Data extract Start Marker

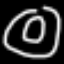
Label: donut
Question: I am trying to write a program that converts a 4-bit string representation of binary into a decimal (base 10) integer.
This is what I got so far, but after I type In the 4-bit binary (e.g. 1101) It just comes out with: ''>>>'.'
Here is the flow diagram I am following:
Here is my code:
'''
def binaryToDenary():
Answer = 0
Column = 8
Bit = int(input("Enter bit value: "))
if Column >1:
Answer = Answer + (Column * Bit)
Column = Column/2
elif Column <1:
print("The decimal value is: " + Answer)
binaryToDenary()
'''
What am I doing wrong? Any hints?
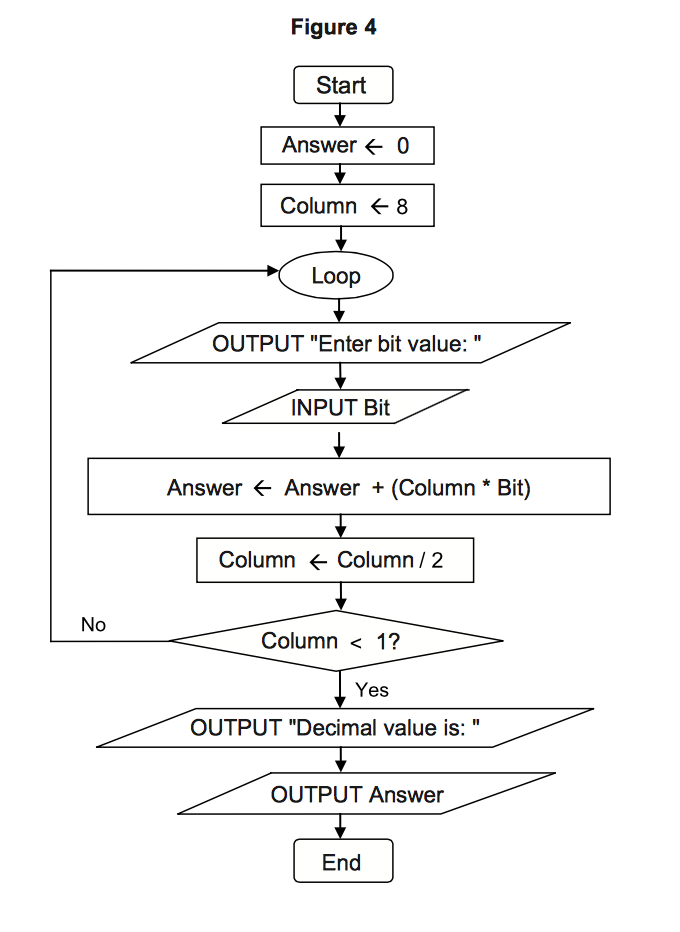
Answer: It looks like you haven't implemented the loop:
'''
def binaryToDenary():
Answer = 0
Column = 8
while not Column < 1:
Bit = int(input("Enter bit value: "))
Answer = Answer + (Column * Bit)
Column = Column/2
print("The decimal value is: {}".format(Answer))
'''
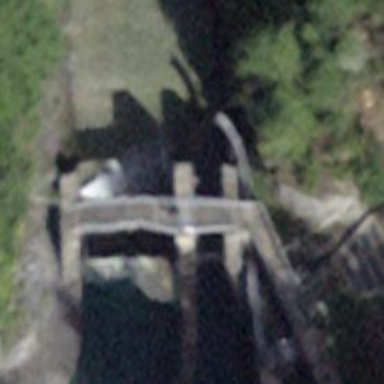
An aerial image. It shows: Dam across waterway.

Data extract End Marker
Data extract Start Marker

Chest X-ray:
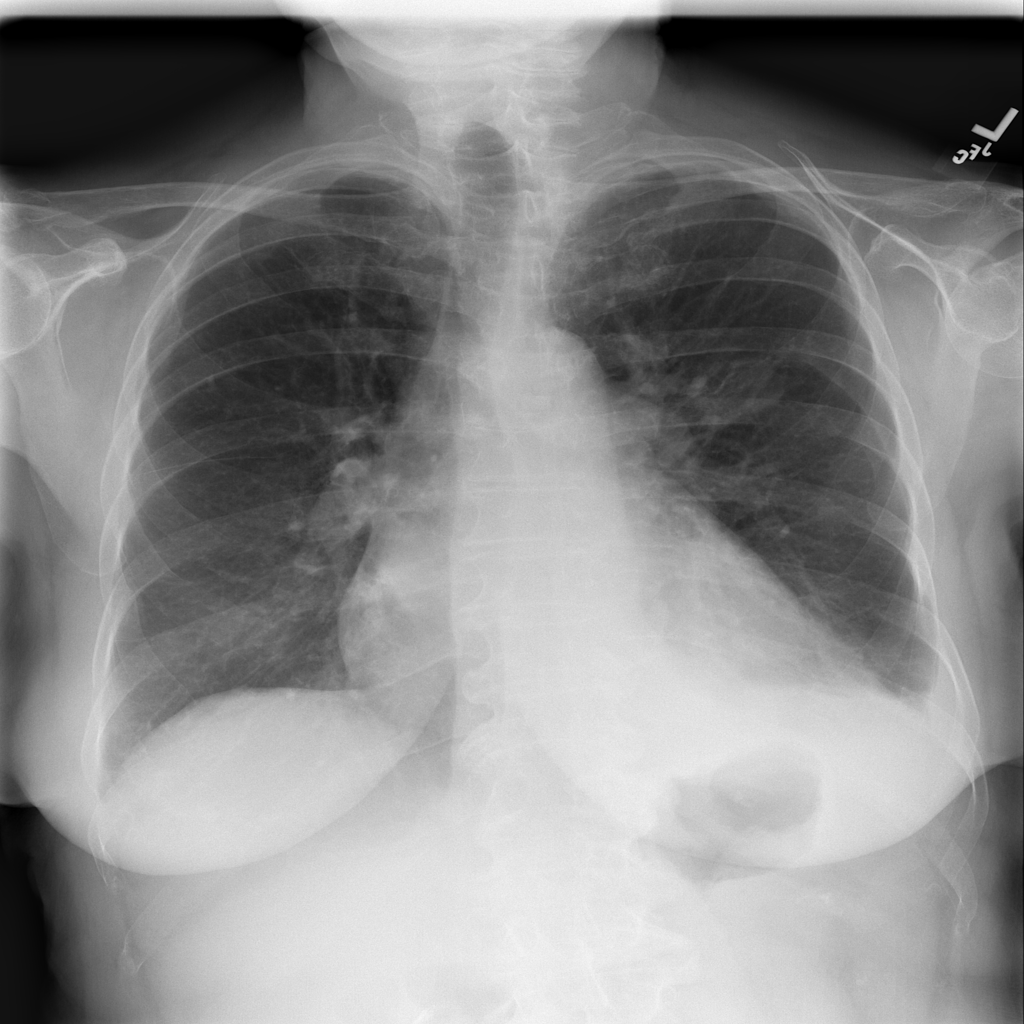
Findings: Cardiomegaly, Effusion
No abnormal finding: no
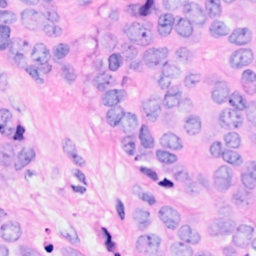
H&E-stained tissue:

Data extract End Marker
Data extract Start Marker

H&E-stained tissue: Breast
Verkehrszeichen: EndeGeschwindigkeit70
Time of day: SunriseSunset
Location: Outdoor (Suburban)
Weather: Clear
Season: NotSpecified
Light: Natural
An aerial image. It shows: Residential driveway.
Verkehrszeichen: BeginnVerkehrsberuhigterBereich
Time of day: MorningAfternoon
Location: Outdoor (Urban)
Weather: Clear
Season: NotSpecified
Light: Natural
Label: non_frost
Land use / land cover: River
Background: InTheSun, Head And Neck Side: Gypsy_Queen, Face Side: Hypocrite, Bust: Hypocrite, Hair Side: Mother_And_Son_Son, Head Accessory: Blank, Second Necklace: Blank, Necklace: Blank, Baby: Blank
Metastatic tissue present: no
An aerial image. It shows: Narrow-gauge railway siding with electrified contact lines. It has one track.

Data extract End Marker

What you need to do: Your response should be made up of the lines in the data that contain the word "stained".

Your response:
H&E-stained tissue:
H&E-stained tissue: Breast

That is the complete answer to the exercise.